The researcher noted that after the character becomes Heart of Steel, the romance uses both “he” and “she” pronouns to refer to the character, at times using both in the same sentence.
“French is a very gendered language,” Findley said. “You can see gender markers everywhere, not only in pronouns but in adjectives and certain verb forms. When you look closely at this particular text, you find very deliberate, systematic pronoun mixing used for Heart of Steel. This is something that ‘Perceforest’ doesn’t do for any of its other characters, and it’s also something that seems to be unusual in other texts from the time. When Heart of Steel is with their love interest the Golden Knight, there’s actually more pronoun mixing than in other scenes. It begs the question: are we playing with the possibility of a queer love interest?”
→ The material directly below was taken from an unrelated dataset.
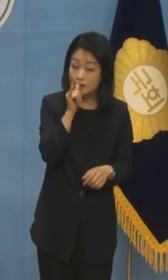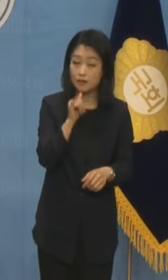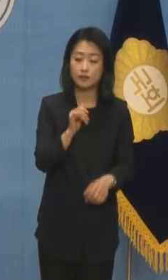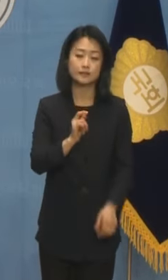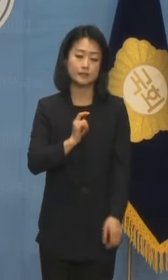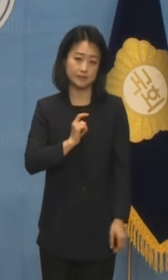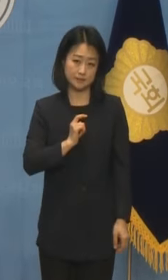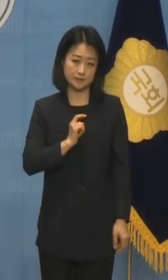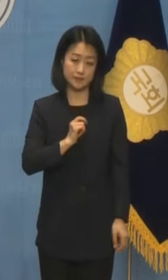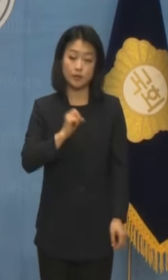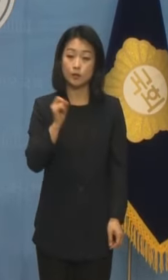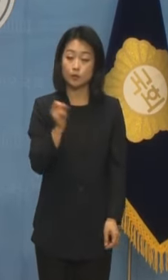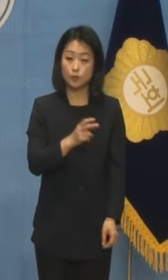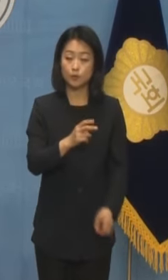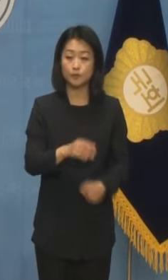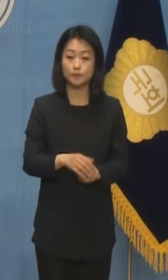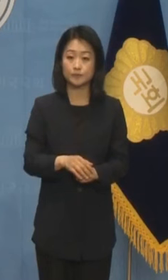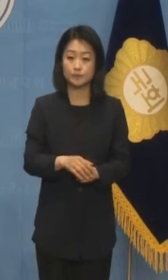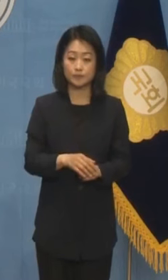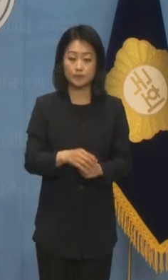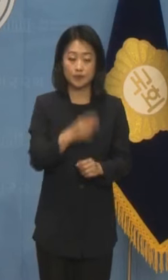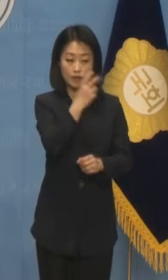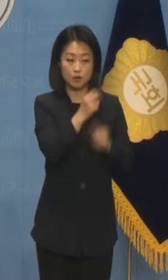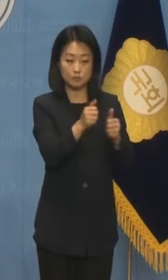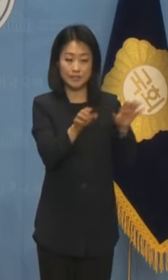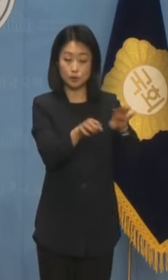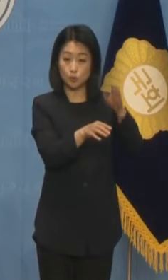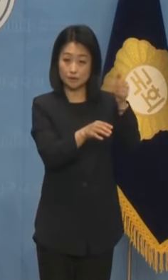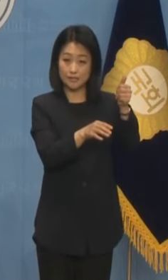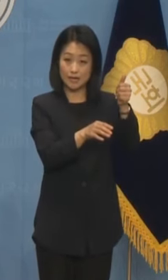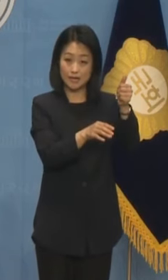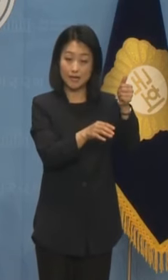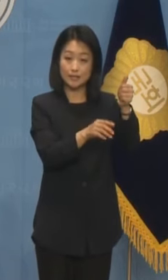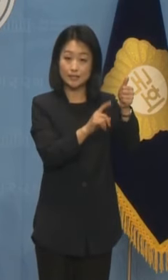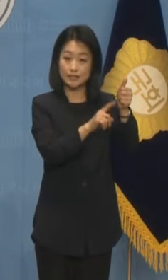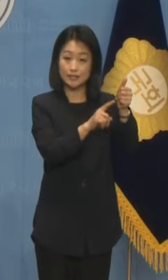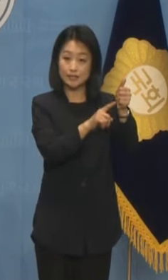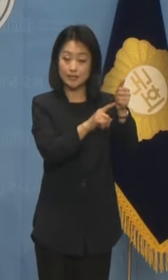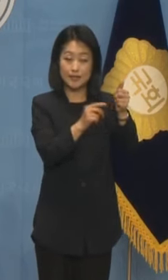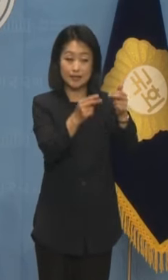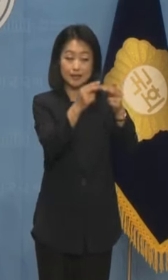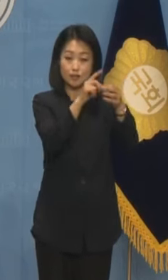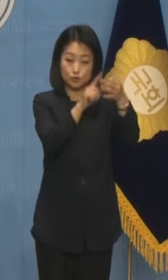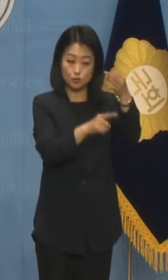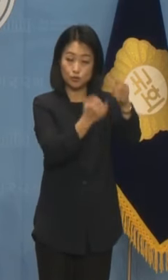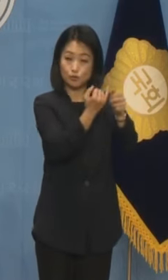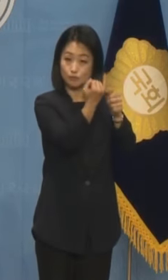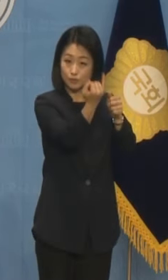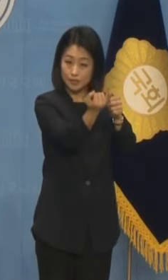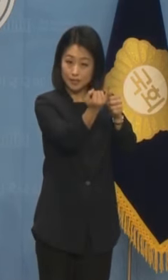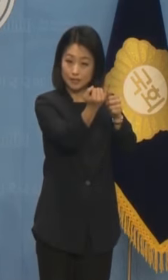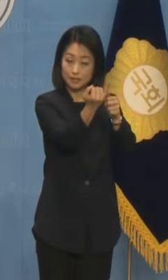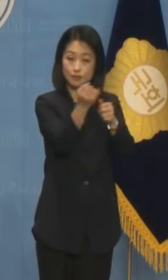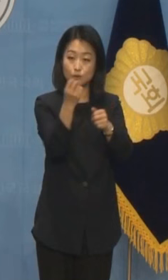상황에서 이원석 검찰총장이 임기 내 김건희, 이재명 수사를

Just as complex as the pronoun mixing are the character’s attempts to explain their own identity, noted Findley. The character first tries describing their identity to the Golden Knight in a series of dream narratives in which Heart of Steel appears as both a man and a woman. Later, when asked by the Fairy Queen whether they are a man or a woman, Heart of Steel refuses to answer but instead asks the queen to “listen to [their] story” and recounts their history in a long, narrative poem set to music.
“What Heart of Steel seems to be expressing is the idea that gender is a story, not a simple one but one that’s metaphorical and complex, and that maybe nobody will understand,” Findley said. “The queen, on the other hand, is an enforcer of gender norms and forces a gender identity onto Heart of Steel by making them dress as a woman.”
Shortly after forcing Heart of Steel to dress as a woman, the queen sends the Golden Knight off on more adventures without Heart of Steel, said Findley.
“The romance leaves us wondering how the lovers feel about the queen defining Heart of Steel’s gender,” Findley said. “Even though the gender ‘order’ is restored by the queen at the end of the story, the implication is that this isn’t what either Heart of Steel or the Golden Knight would have wanted. It’s not a happy ending. The story shows us that people trying to control or limit gender diversity, or being frightened by different expressions of gender identity, isn’t unique to the current moment. By studying historical sources without assumptions we are able to see what people in the past thought about gender diversity, and that gender has always been stranger and more complicated than we’ve been led to believe.”